と誓って見せれば、三人は瞳を潤ませながら深く頷き、アインズは改めて我が身の幸福に感謝を捧げた。

 

「おまえにも改めて礼を言わないとな。」

 

 アインズが背後のツアーを振り返ると、あろうことか白金の竜王(プラチナムドラゴンロード)は、ぷかぷかと鼻提灯を浮かべて眠りこけている。

 

 口パカ、ペカペカ。

 

「……どういう神経をしてるんだ、こいつは?」

 

 呆れた口調でアインズがそう言えば、

 

「このくらいでないと父上の友は務まりますまい。」

「まったくその通りだが、それにしてもふてぶてしいことこの上ないね。」

「ツアーも今回の一件には体を張って気遣ってくださったもの。しばらくこのままにして差し上げましょう!」

 

と、三賢者(トリニティ)たちも三者三様に、その果たした役目に謝意を捧げつつも呆れ顔。
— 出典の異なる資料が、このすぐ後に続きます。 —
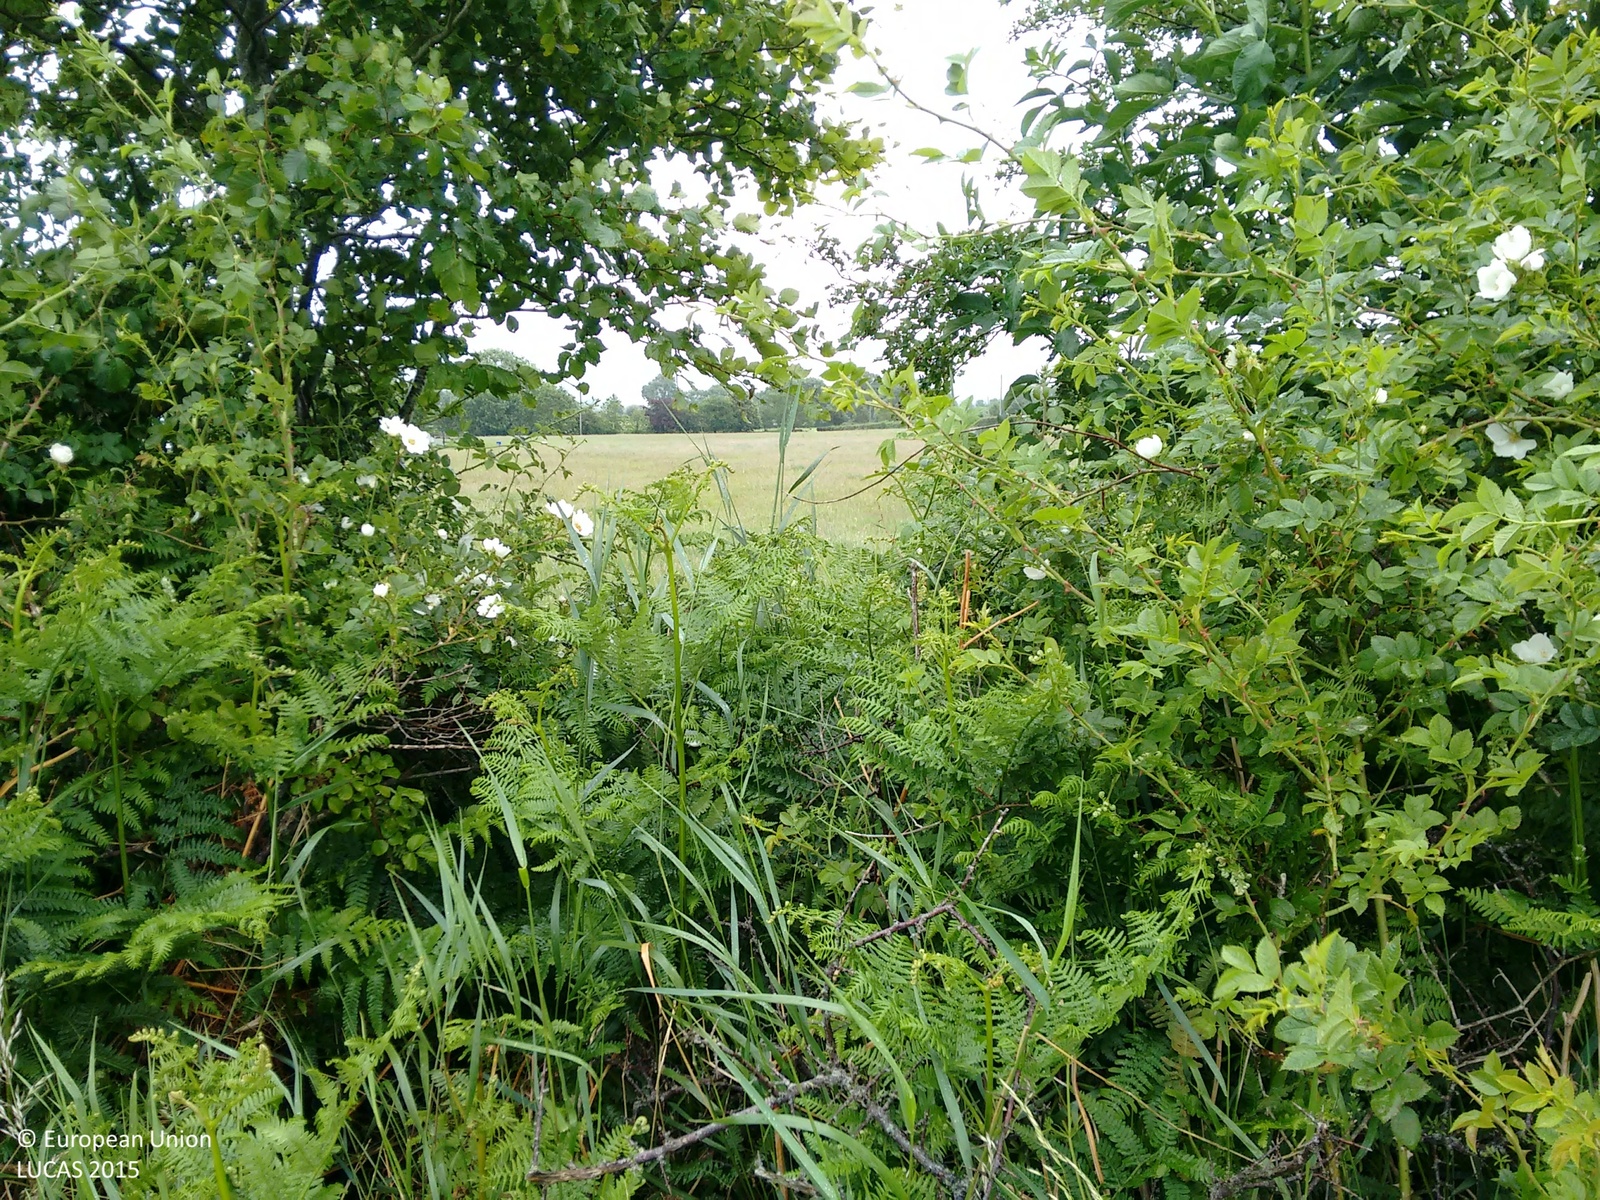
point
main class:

 誰からともなく笑いがこぼれ、やがてそれは大きな笑いになって闘技場(アリーナ)に響き渡った。

 

 

 

 いくら何でもこれはおかしいだろ、と誰かが気づいたのは三日後の話。

 

 ツアーは闘技場(アリーナ)の真ん中で(あい)も変わらず鼻提灯を浮かべてすやすやと眠っており、竜王(ドラゴンロード)たちがしばしば百年から時に千年眠り続けるという<永い眠り>に堕ちたのは明らかだった。
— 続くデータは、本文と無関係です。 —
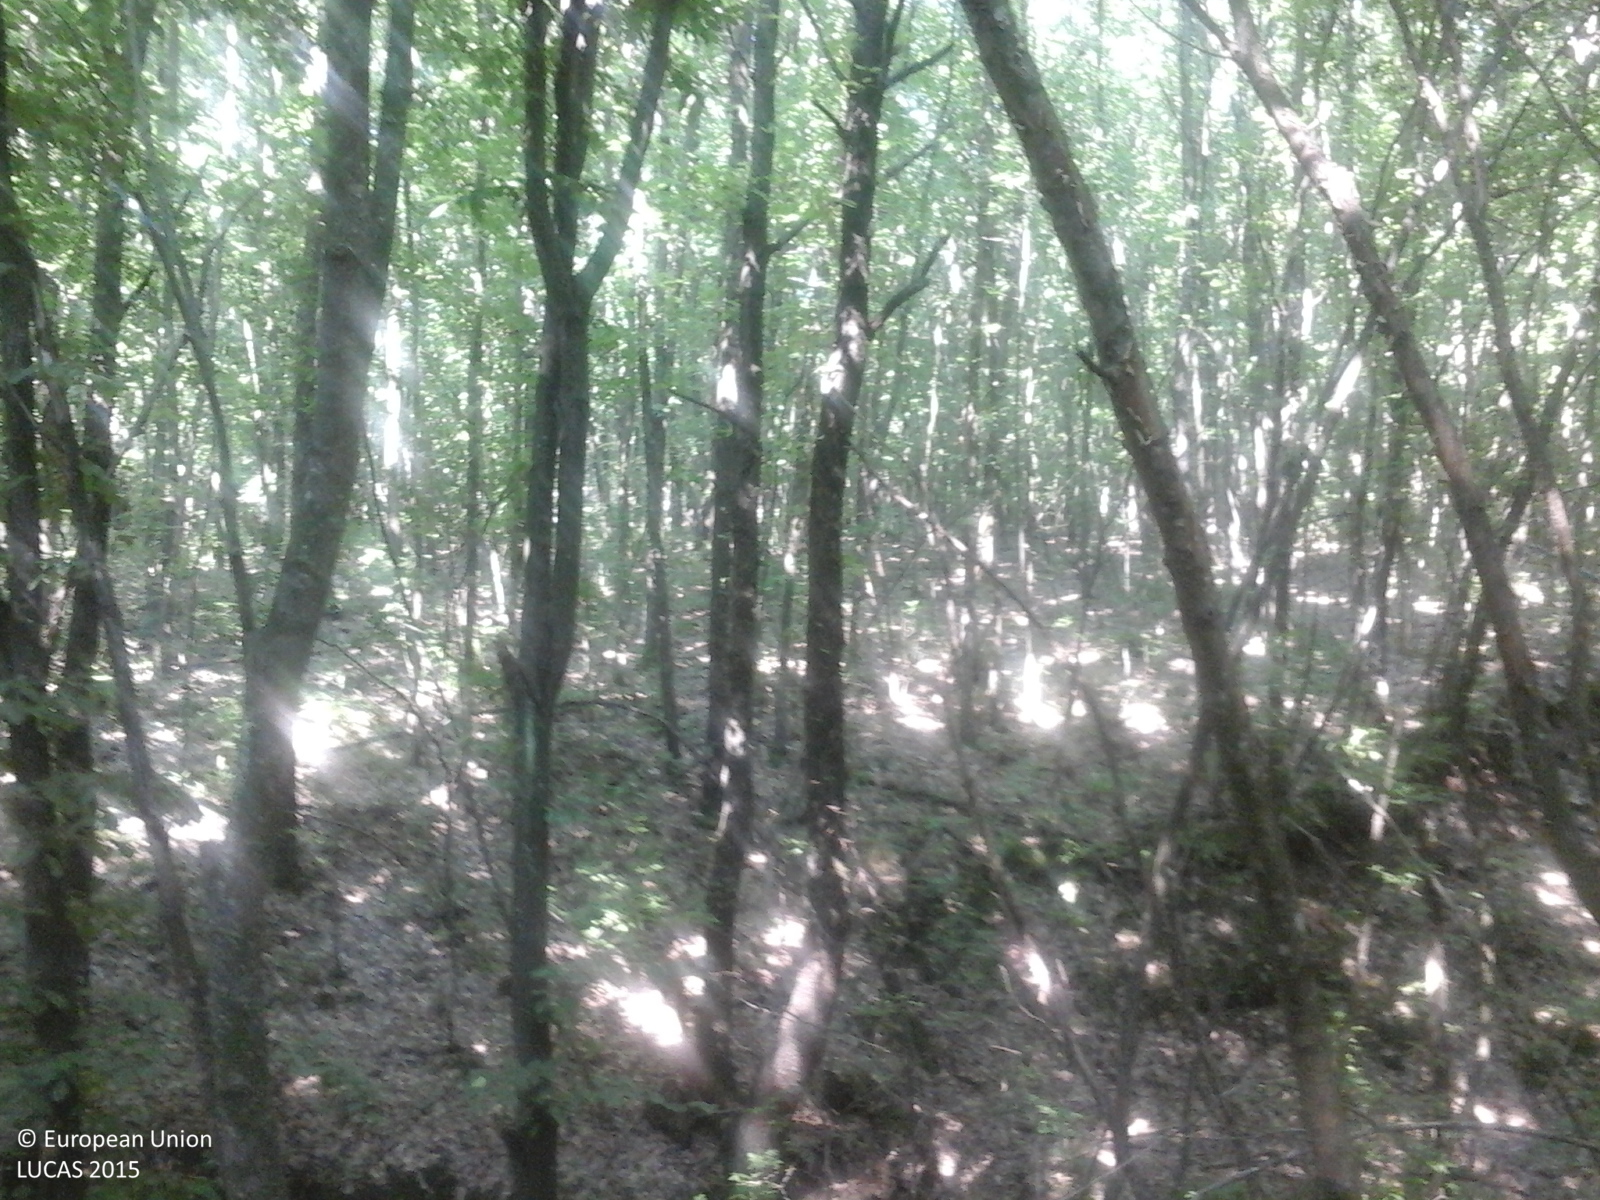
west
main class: Woodland
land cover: Broadleaved woodland
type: beech forest
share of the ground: > 75 %
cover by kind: broadleaved forest trees 100 %
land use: Forestry
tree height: > 5 m
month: July
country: RO
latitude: 44.7689
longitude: 24.3869

 問題は、ナザリック地下大墳墓の中にあっては、ツアーといえども世界に満ちる()を吸収することが叶わず、このまま放置すると遅かれ早かれ窒息してしまうことだ。事態に気づいたアインズは、シャルティア、コキュートス、セバスに命じてツアーの巨躯を担がせ、自らツアーの居城に向かって<転移門(ゲート)>を開いて友人を本来あるべき寝床へ送り届けた。

 

「そんなことじゃろう、とは思っておったわ。」

 

と呆れた声で出迎えたのは、ツアーの居城の謁見の間に佇んでいた紅色(べにいろ)に光り輝く紅水晶の竜王(ローズクォーツ・ドラゴンロード)、ツアーの娘コンスタンツァダラゴーナ・ミナスジェライスことコニーだった。

 

 曰く、すべての竜王(ドラゴンロード)がそうであるのかはさておき、彼女はこと両親についてはそろそろ<永い眠り>の時期ではないか、と直感的に察することが叶うのだそうで、父ツアーがそうであろうと感じて様子見に居城を訪れてみれば、父が微睡むはずの玉座にその姿はなく、一方で自身の第六感は確実に父が眠りに堕ちていると告げているので、よもや、とは思いつつも、ナザリックで眠りこけているのではないかと気を揉んでいたらしい。

 

「父とて自身がそうであることをまったく予感せぬとも思えぬゆえ、余程のことがあったのであろうな。」

 

 コニーにそう言われて、アインズは改めて危険を顧みずに駆けつけてくれた親友に感謝の思いを(いだ)きつつ、それをコニーに気取られるのも面白くないので、

 

「ははっ、まったくおまえの親父にも困ったもんだな!」

 

と敢えておどけて見せたが、仔細はともかく、コニーは何かに気づいている様子であった。

 

「じゃぁコニー、(あと)は頼んだぞ。」

 

 帰路の<転移門(ゲート)>を開いて足早に立ち去ろうとするアインズ一行に、

 

「いつものように不死者(アンデッド)を遺してはいかんのかえ?」

 

と、コニーから声がかかる。

 アインズは軽く横に顔を向け、片目のみでコニーの姿を捉えて、

 

「……本人からするとありがた迷惑のようだからな。

 親父の守りはコニーの(ほう)でよろしく頼む。」

 

と、骨の片手を挙げて告げた(のち)、<転移門(ゲート)>の中へと消えていった。

 

 もっとも。

 数カ月の(のち)にはこのやりとりをすっかり忘れたアインズによって、眠る竜王(ドラゴンロード)を取り囲む不死者(アンデッド)の積み増しが始まるのであるが、これはお約束、というものであろう。

 

 こうして大魔王アインズ・ウール・ゴウンは、こちらの世界に渡り来て以来最大の危機を、辛くも乗り越えたのであった。